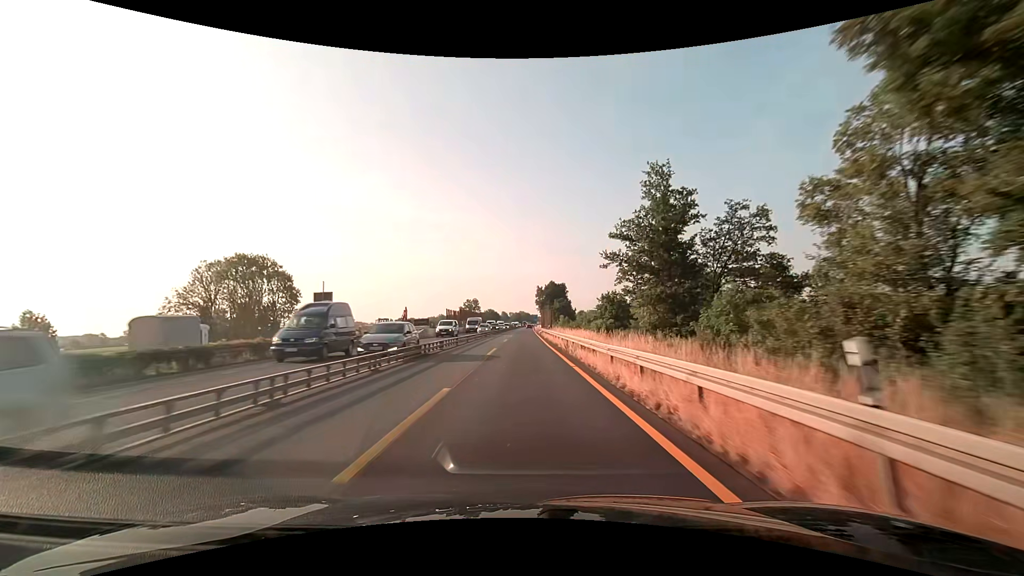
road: motorway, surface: asphalt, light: Day
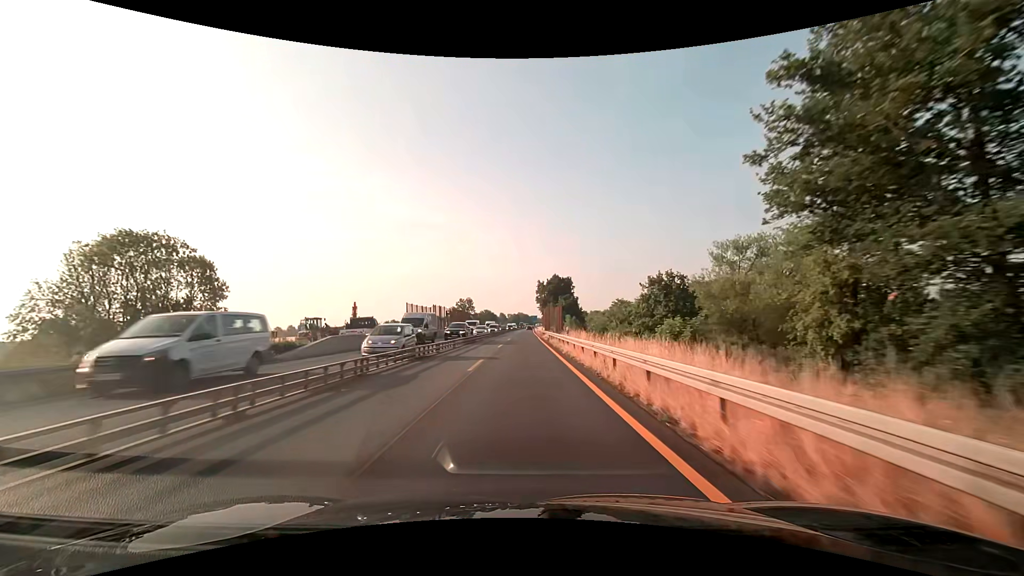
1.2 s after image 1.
(0.0, +25.1) m; 0°
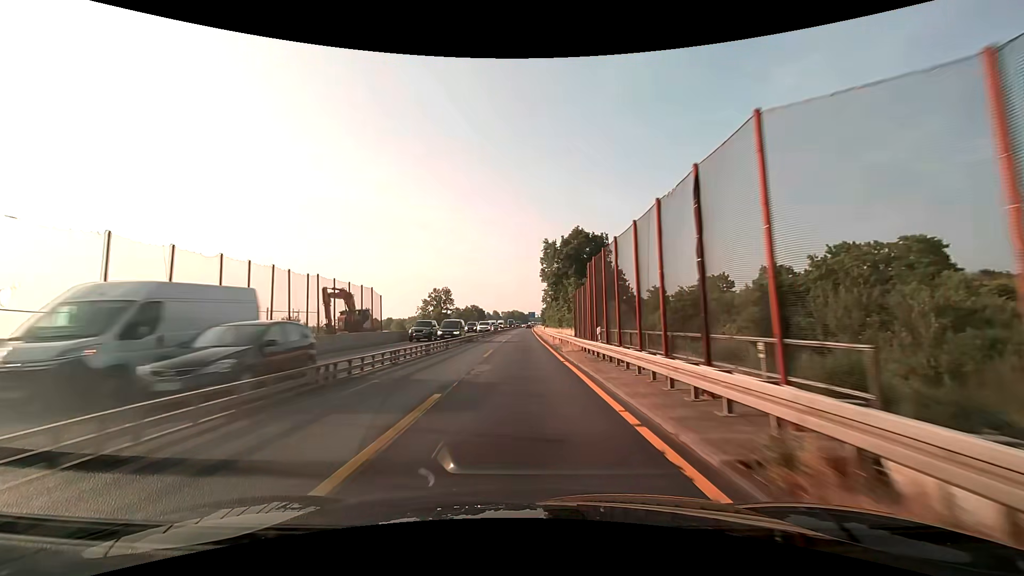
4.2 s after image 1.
(+0.3, +62.7) m; 0°
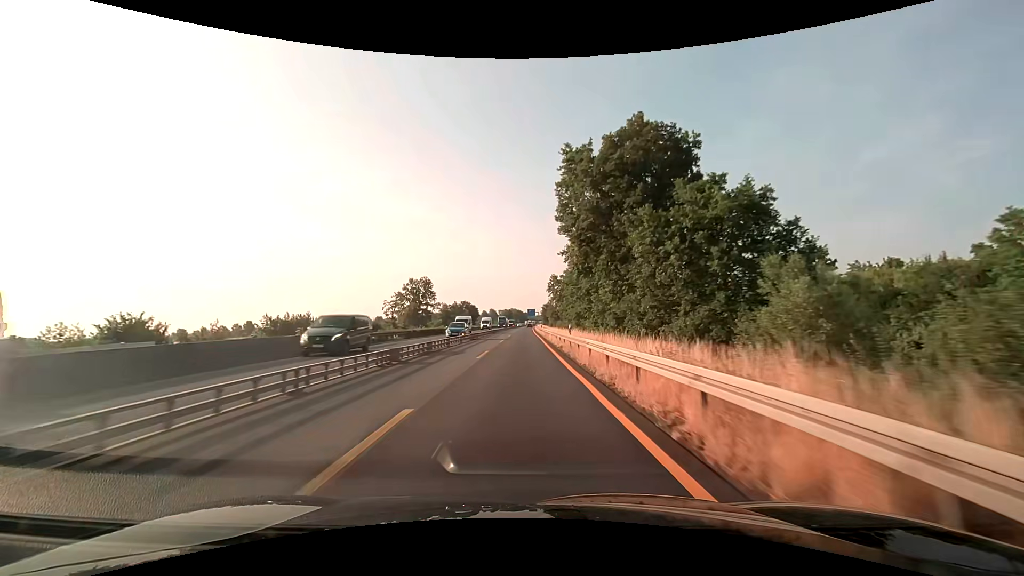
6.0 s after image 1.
(+0.1, +37.6) m; 0°
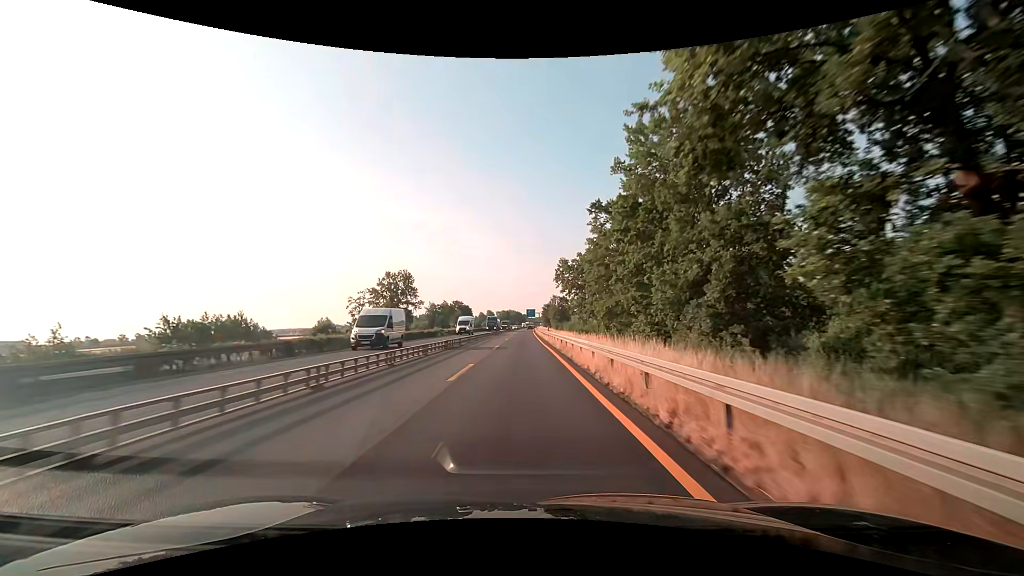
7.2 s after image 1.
(0.0, +25.1) m; 0°
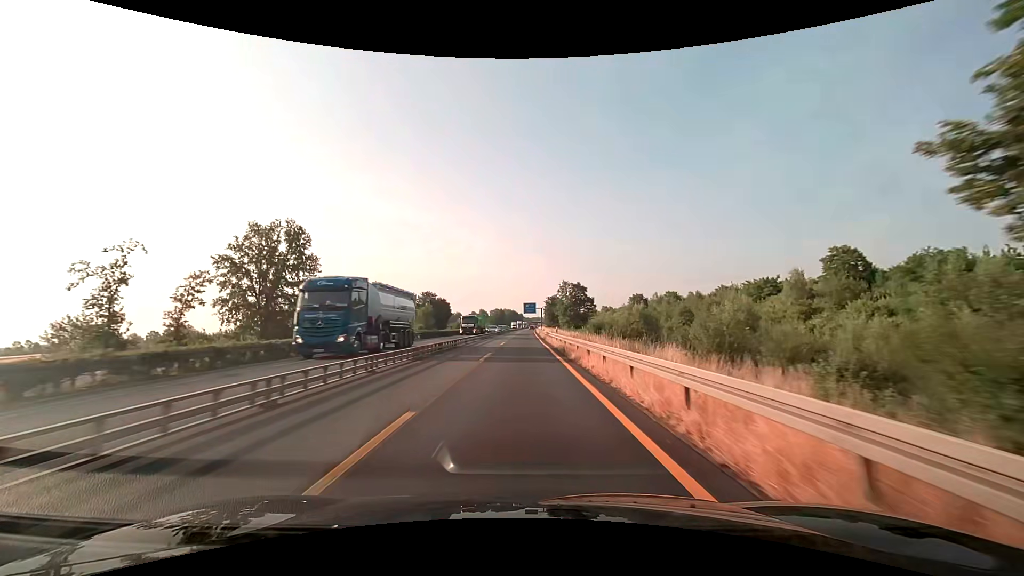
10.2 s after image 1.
(+0.2, +62.6) m; +1°
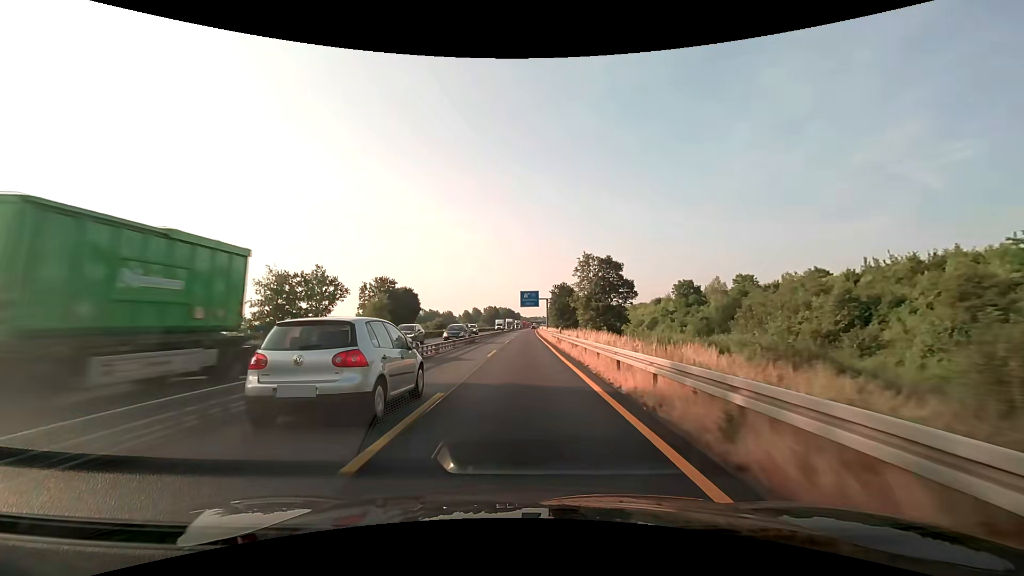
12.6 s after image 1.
(-0.1, +50.1) m; 0°
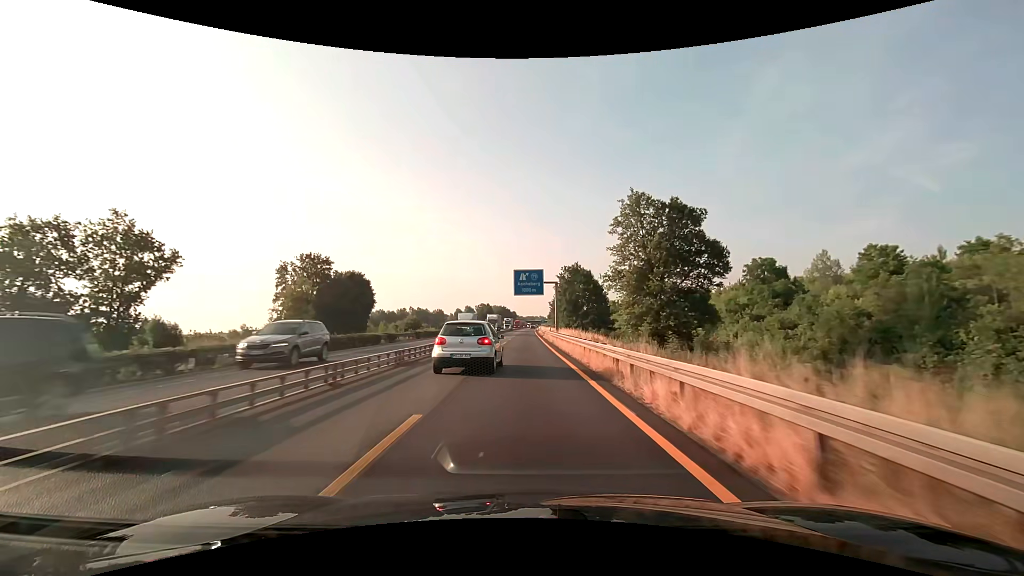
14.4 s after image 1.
(+0.1, +37.6) m; 0°
(0, +10) (0, +20) (0, +30) (0, +40) (0, +50) (0, +60) (0, +70) (0, +80) (0, +90) (+1, +100) m
··········
What the task asks:
If the material above contains pictures, exclude them from an otherwise exact transcription.

Written response:
road: motorway, surface: asphalt, light: Day
1.2 s after image 1.
(0.0, +25.1) m; 0°
4.2 s after image 1.
(+0.3, +62.7) m; 0°
6.0 s after image 1.
(+0.1, +37.6) m; 0°
7.2 s after image 1.
(0.0, +25.1) m; 0°
10.2 s after image 1.
(+0.2, +62.6) m; +1°
12.6 s after image 1.
(-0.1, +50.1) m; 0°
14.4 s after image 1.
(+0.1, +37.6) m; 0°
(0, +10) (0, +20) (0, +30) (0, +40) (0, +50) (0, +60) (0, +70) (0, +80) (0, +90) (+1, +100) m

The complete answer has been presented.